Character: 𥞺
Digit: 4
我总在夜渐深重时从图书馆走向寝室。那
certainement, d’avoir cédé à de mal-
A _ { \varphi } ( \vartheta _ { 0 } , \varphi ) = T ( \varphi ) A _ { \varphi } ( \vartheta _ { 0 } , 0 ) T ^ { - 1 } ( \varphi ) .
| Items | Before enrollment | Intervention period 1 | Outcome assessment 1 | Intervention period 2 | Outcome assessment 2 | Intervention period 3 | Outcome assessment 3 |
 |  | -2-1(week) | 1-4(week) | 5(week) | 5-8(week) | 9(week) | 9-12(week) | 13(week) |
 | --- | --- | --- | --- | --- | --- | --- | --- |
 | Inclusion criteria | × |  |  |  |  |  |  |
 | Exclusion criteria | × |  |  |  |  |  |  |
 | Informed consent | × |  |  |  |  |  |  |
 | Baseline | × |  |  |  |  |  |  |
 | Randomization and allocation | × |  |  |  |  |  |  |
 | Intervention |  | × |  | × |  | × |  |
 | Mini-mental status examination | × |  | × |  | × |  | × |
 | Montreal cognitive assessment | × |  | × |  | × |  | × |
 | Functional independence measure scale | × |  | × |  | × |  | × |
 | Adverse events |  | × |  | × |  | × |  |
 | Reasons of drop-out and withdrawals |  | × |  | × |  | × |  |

++++

_Exercise brief_:
The line with "Randomization and allocation" and all the lines after it in the records above are to be output exactly, with nothing added.

_Solved problem_:
 | Randomization and allocation | × |  |  |  |  |  |  |
 | Intervention |  | × |  | × |  | × |  |
 | Mini-mental status examination | × |  | × |  | × |  | × |
 | Montreal cognitive assessment | × |  | × |  | × |  | × |
 | Functional independence measure scale | × |  | × |  | × |  | × |
 | Adverse events |  | × |  | × |  | × |  |
 | Reasons of drop-out and withdrawals |  | × |  | × |  | × |  |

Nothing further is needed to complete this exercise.